Your objective: Pictures aside, restate the records below exactly as written.

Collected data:
Segment Open

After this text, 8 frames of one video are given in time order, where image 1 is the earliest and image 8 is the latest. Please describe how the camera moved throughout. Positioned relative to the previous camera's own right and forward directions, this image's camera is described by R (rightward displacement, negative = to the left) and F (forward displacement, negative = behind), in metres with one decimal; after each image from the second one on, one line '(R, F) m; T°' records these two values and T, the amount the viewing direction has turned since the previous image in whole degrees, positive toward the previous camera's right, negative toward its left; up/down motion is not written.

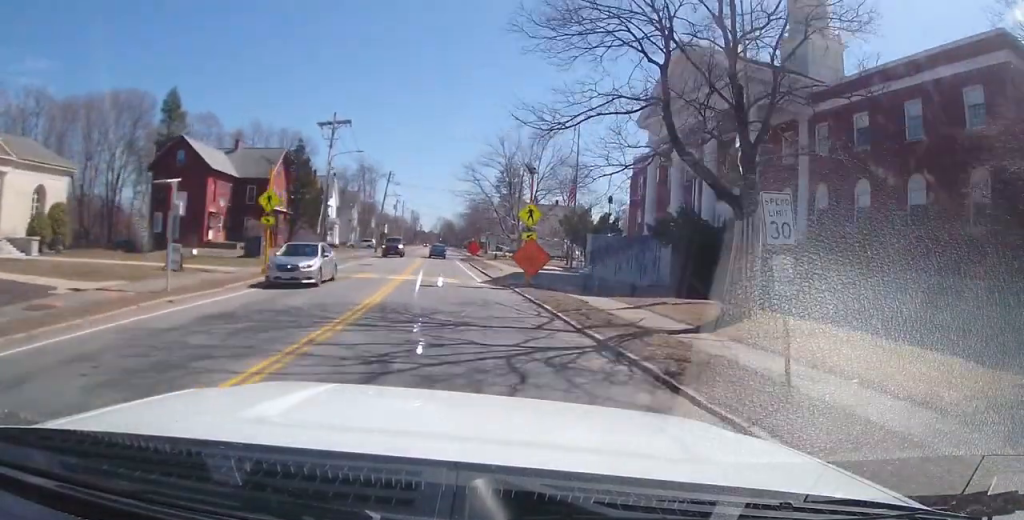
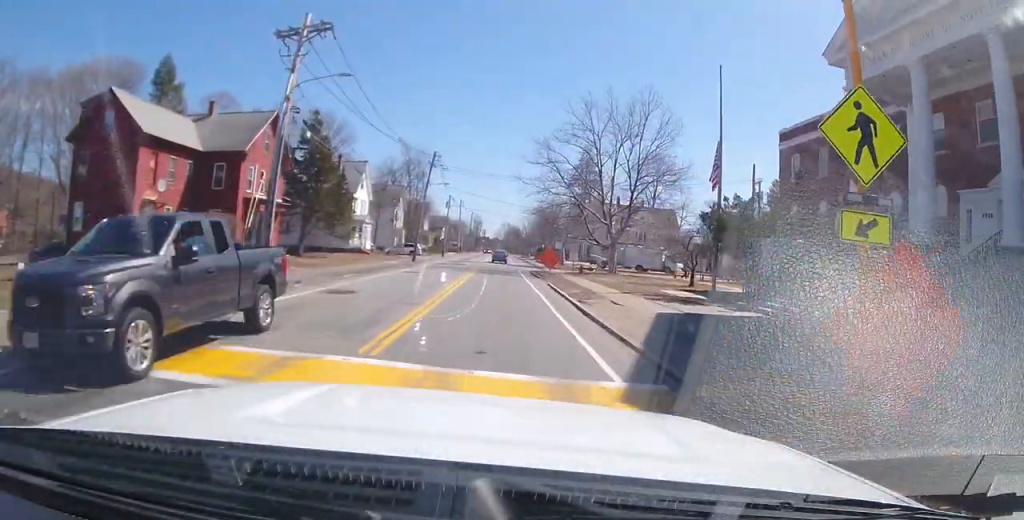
(-2.6, +18.7) m; -11°
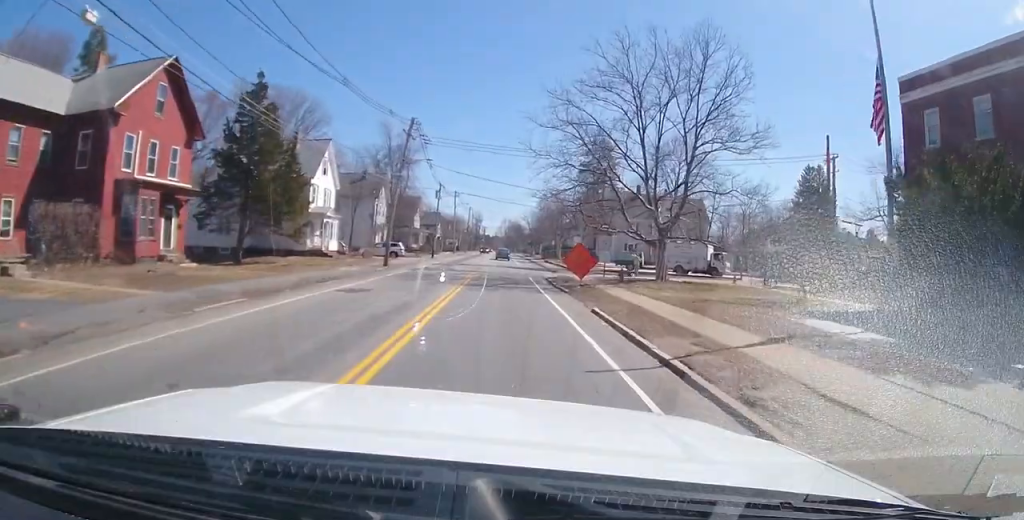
(0.0, +13.5) m; -1°
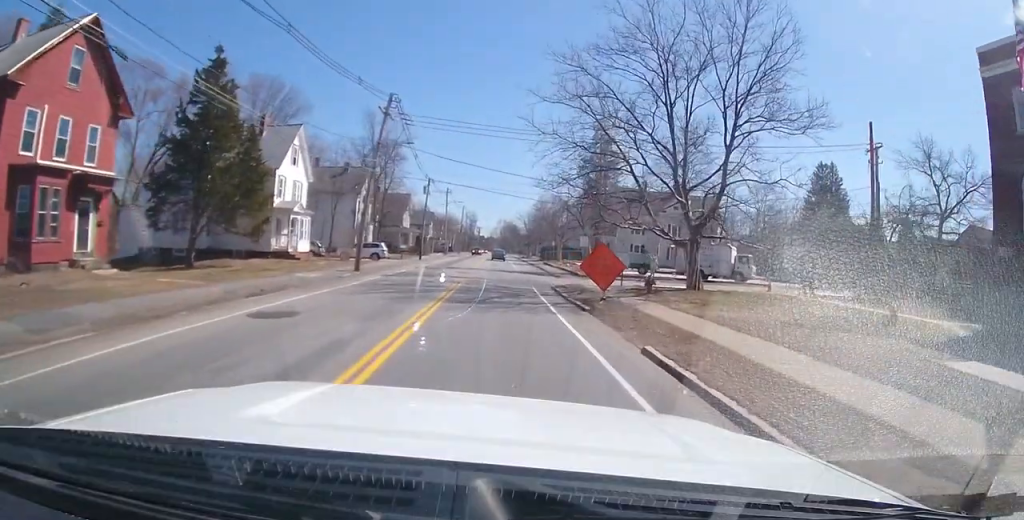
(0.0, +6.1) m; -1°
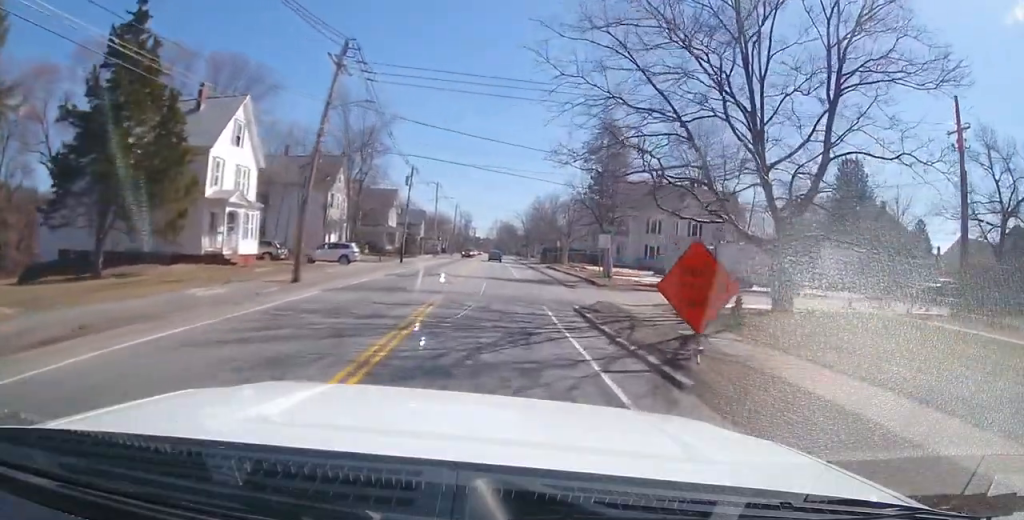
(-0.1, +8.7) m; 0°
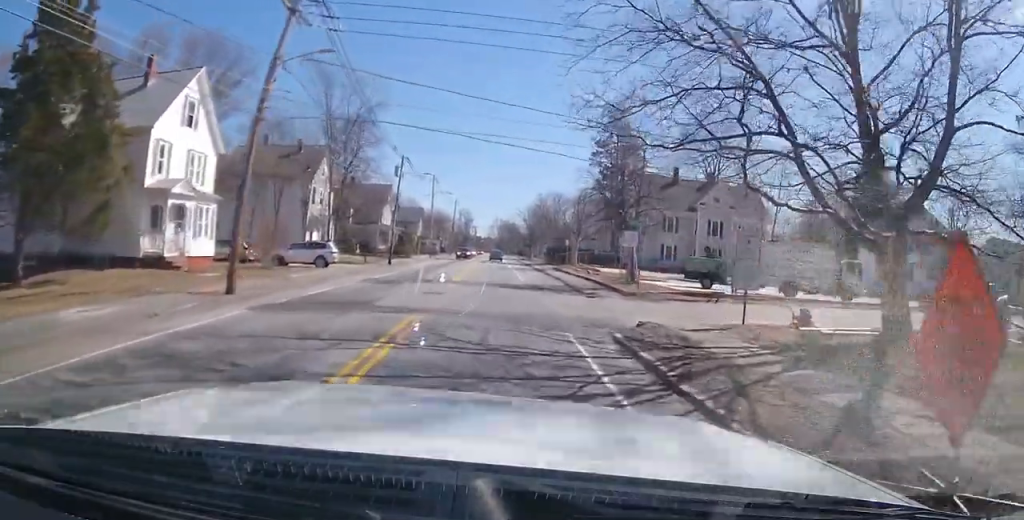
(0.0, +5.6) m; +1°
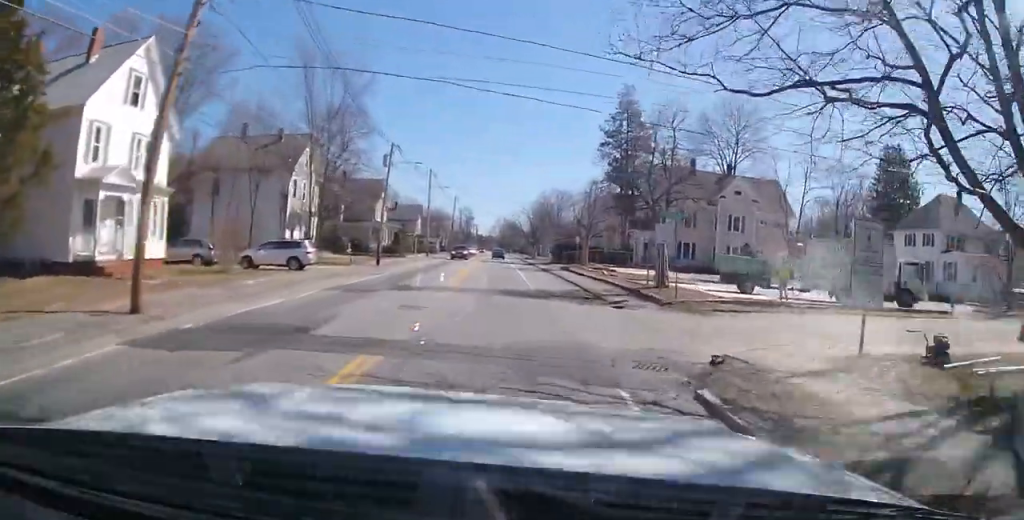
(+0.1, +4.8) m; +1°
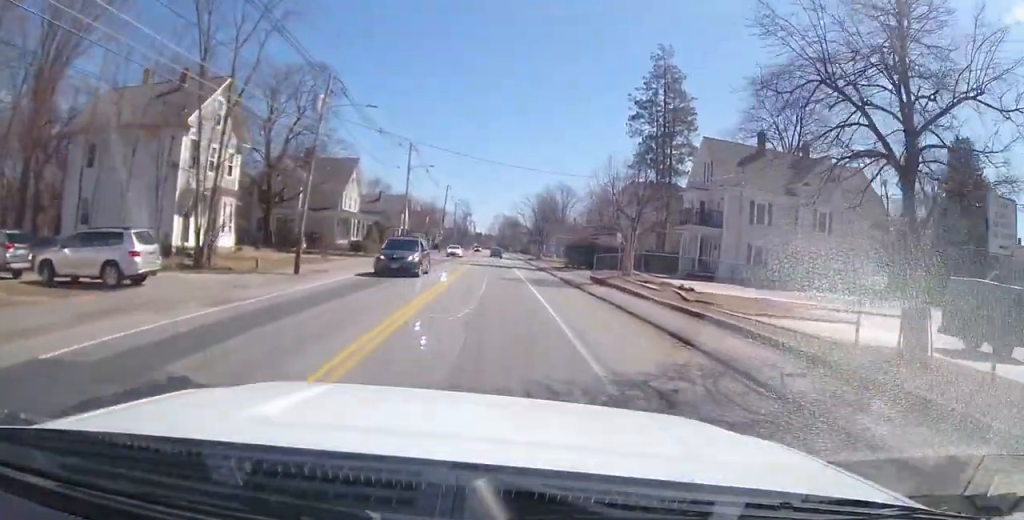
(+0.4, +15.1) m; 0°

Segment Closed

Output of the task:
After this text, 8 frames of one video are given in time order, where image 1 is the earliest and image 8 is the latest. Please describe how the camera moved throughout. Positioned relative to the previous camera's own right and forward directions, this image's camera is described by R (rightward displacement, negative = to the left) and F (forward displacement, negative = behind), in metres with one decimal; after each image from the second one on, one line '(R, F) m; T°' records these two values and T, the amount the viewing direction has turned since the previous image in whole degrees, positive toward the previous camera's right, negative toward its left; up/down motion is not written.

(-2.6, +18.7) m; -11°
(0.0, +13.5) m; -1°
(0.0, +6.1) m; -1°
(-0.1, +8.7) m; 0°
(0.0, +5.6) m; +1°
(+0.1, +4.8) m; +1°
(+0.4, +15.1) m; 0°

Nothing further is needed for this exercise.